→ **WHAT THE TASK REQUIRES**: Your answer must be an exact copy of the entries below, with every picture removed.
### EXERCISE INPUTS
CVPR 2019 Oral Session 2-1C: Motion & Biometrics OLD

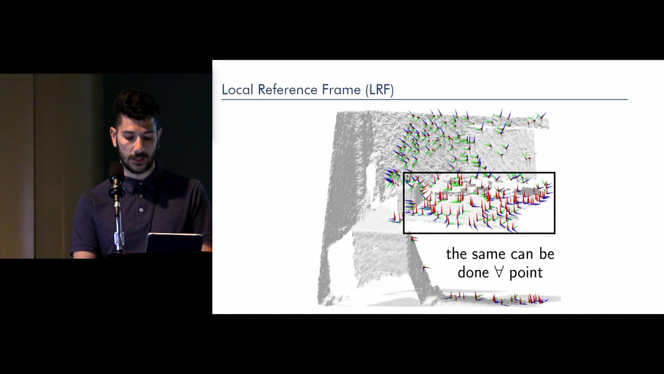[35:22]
In these pictures, we show local reference frames computed on points on a 3D shape.
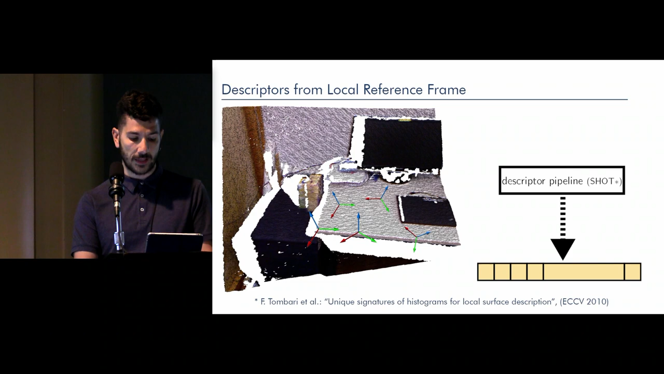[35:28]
As the scriptures are computed relatively on the local reference frame, their effectiveness depends on the repeatability of the underlying local reference frame.
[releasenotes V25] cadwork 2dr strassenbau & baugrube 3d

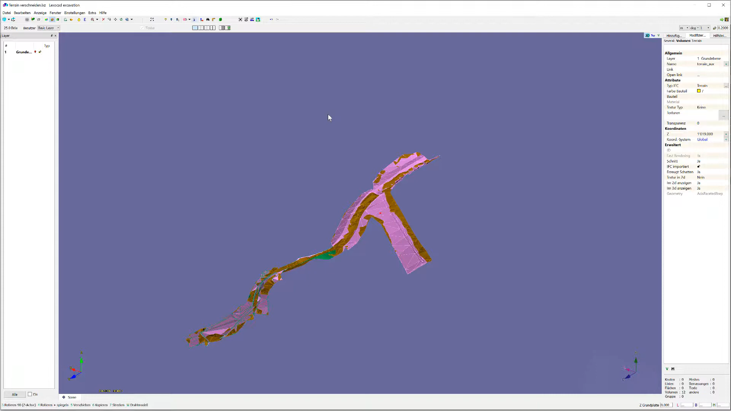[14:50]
Dann eine ähnliche Funktion, die wenden wir aber ja an, wenn wir sehr komplexere, größere Drecksvermarschungen haben.
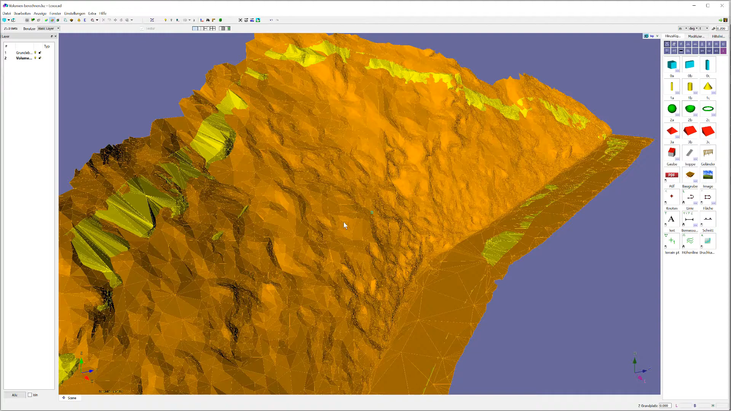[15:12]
Jetzt hier zum Beispiel haben wir zwei Aufnahmen von einem Abtrag, einmal vorher, einmal nachher und hier wählen wir eine Vermarschung aus, haben dann hier in der Toolbar die Funktion CV, Create Volume Until,
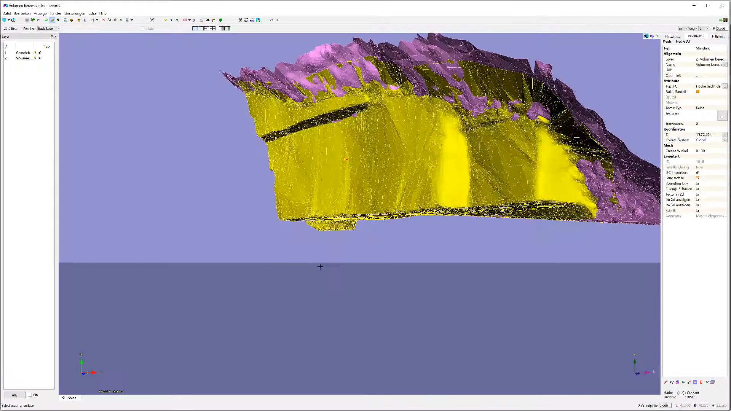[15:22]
wählen dann hier die andere Vermarschung aus. Ihr seht, wir können hier einen Raster definieren, hier jetzt einen Meter Raster, wir machen hier vielleicht mal einen halben Meter, sehen das gibt dann doch schon einige Punkte mehr,
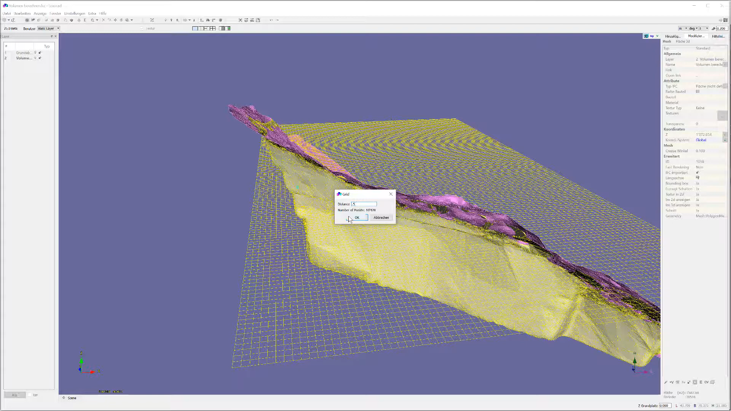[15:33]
gehen auf OK und
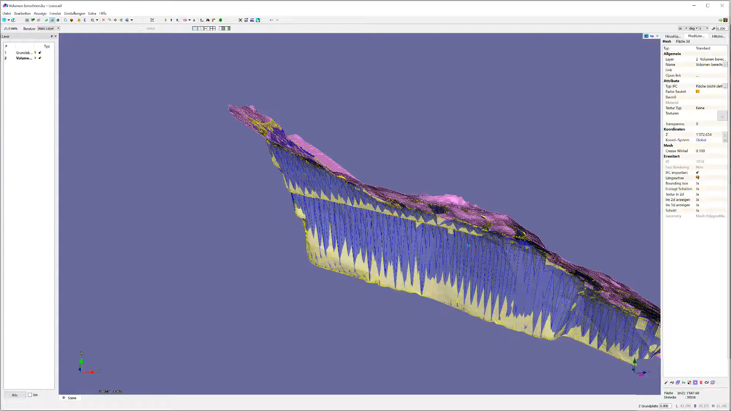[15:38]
haben dann hier die Möglichkeit oder respektive haben hier dann direkt das Volumen dazwischen,
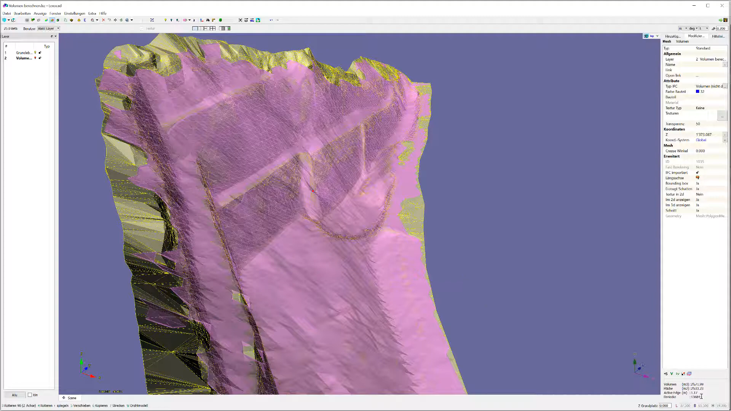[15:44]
wir sehen hier rechts unten die Cupic und hier in Transparenz unser Volumen.
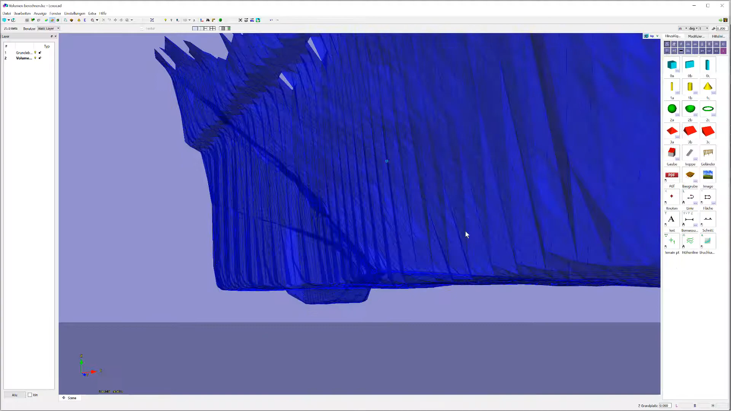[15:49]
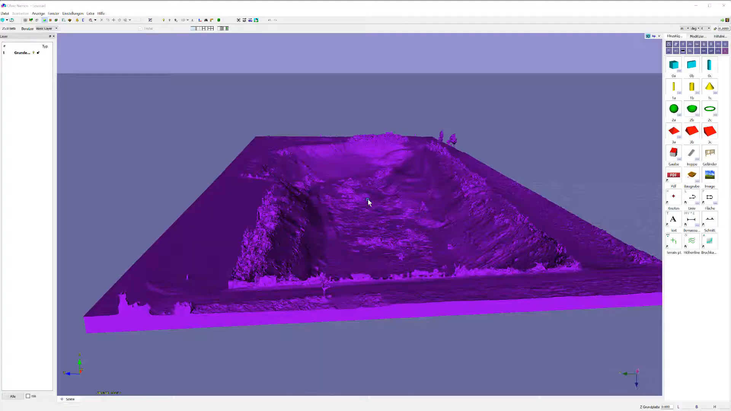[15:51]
Diese Funktion geht auch noch bei komplexeren Dreiecksvermarschungen.
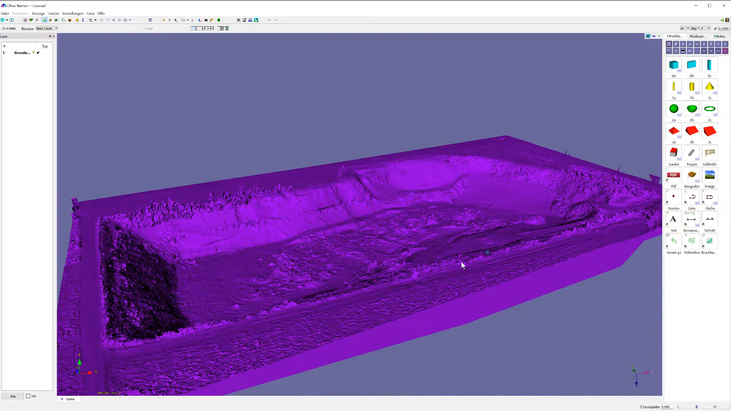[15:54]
Hier von einer Drohnenaufnahme eine Deponie mit knapp 500.000 Dreiecken.
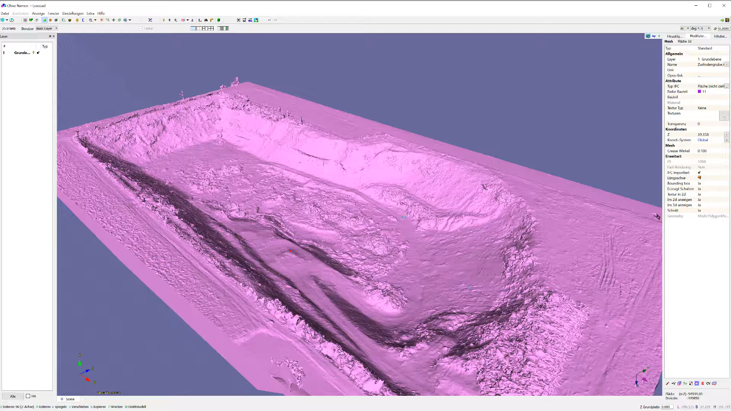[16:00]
Hier möchten wir jetzt zum Beispiel einen Deckel draufsetzen.
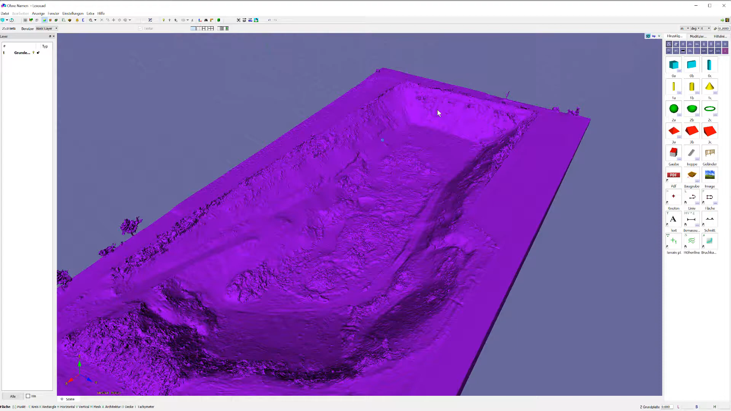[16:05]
Das geht natürlich auch umgekehrt, also wenn wir zum Beispiel irgendwo eine Aufschüttung haben, können wir eigentlich sozusagen einen Boden setzen und dann auch das Volumen berechnen. Hier jetzt einfach das Volumen zwischen Deckel und Aushub.
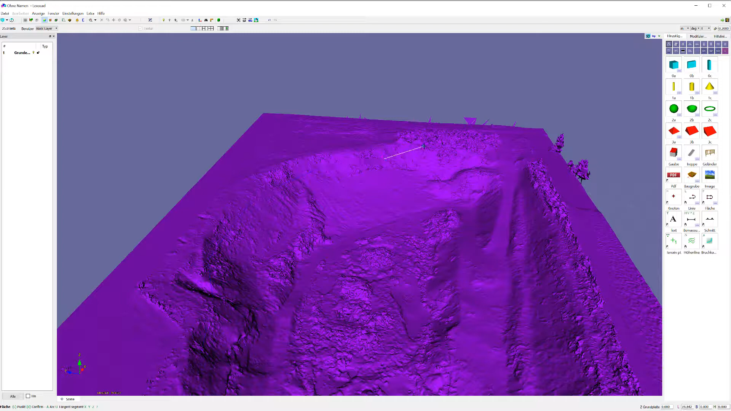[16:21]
Diese Fläche stelle ich mit der Taste FM, also Fläche Mesh.
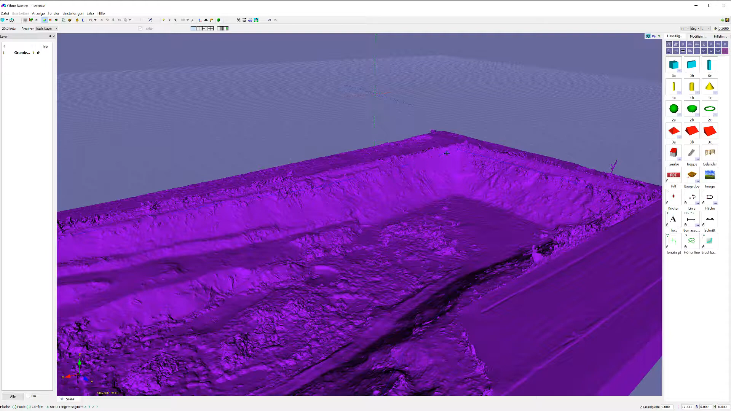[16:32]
Wir sehen, wir halten jetzt hier diesen Deckel. Man kann natürlich auch eine ganz horizontale Fläche setzen, die auf die gewünschte Höhe und dann benutzen wir wieder diese CV-Funktion, Create Volume.
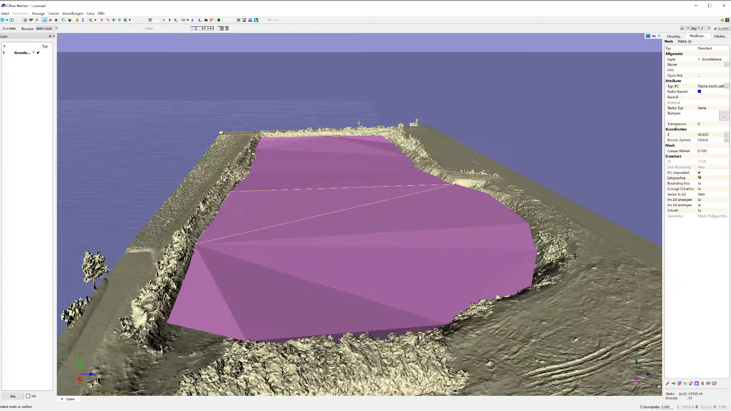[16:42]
Wir können hier ein Raster definieren.
######
→ **OUTPUT OF THE EXERCISE**:
CVPR 2019 Oral Session 2-1C: Motion & Biometrics OLD

[35:22]
In these pictures, we show local reference frames computed on points on a 3D shape.
[35:28]
As the scriptures are computed relatively on the local reference frame, their effectiveness depends on the repeatability of the underlying local reference frame.
[releasenotes V25] cadwork 2dr strassenbau & baugrube 3d

[14:50]
Dann eine ähnliche Funktion, die wenden wir aber ja an, wenn wir sehr komplexere, größere Drecksvermarschungen haben.
[15:12]
Jetzt hier zum Beispiel haben wir zwei Aufnahmen von einem Abtrag, einmal vorher, einmal nachher und hier wählen wir eine Vermarschung aus, haben dann hier in der Toolbar die Funktion CV, Create Volume Until,
[15:22]
wählen dann hier die andere Vermarschung aus. Ihr seht, wir können hier einen Raster definieren, hier jetzt einen Meter Raster, wir machen hier vielleicht mal einen halben Meter, sehen das gibt dann doch schon einige Punkte mehr,
[15:33]
gehen auf OK und
[15:38]
haben dann hier die Möglichkeit oder respektive haben hier dann direkt das Volumen dazwischen,
[15:44]
wir sehen hier rechts unten die Cupic und hier in Transparenz unser Volumen.
[15:49]
[15:51]
Diese Funktion geht auch noch bei komplexeren Dreiecksvermarschungen.
[15:54]
Hier von einer Drohnenaufnahme eine Deponie mit knapp 500.000 Dreiecken.
[16:00]
Hier möchten wir jetzt zum Beispiel einen Deckel draufsetzen.
[16:05]
Das geht natürlich auch umgekehrt, also wenn wir zum Beispiel irgendwo eine Aufschüttung haben, können wir eigentlich sozusagen einen Boden setzen und dann auch das Volumen berechnen. Hier jetzt einfach das Volumen zwischen Deckel und Aushub.
[16:21]
Diese Fläche stelle ich mit der Taste FM, also Fläche Mesh.
[16:32]
Wir sehen, wir halten jetzt hier diesen Deckel. Man kann natürlich auch eine ganz horizontale Fläche setzen, die auf die gewünschte Höhe und dann benutzen wir wieder diese CV-Funktion, Create Volume.
[16:42]
Wir können hier ein Raster definieren.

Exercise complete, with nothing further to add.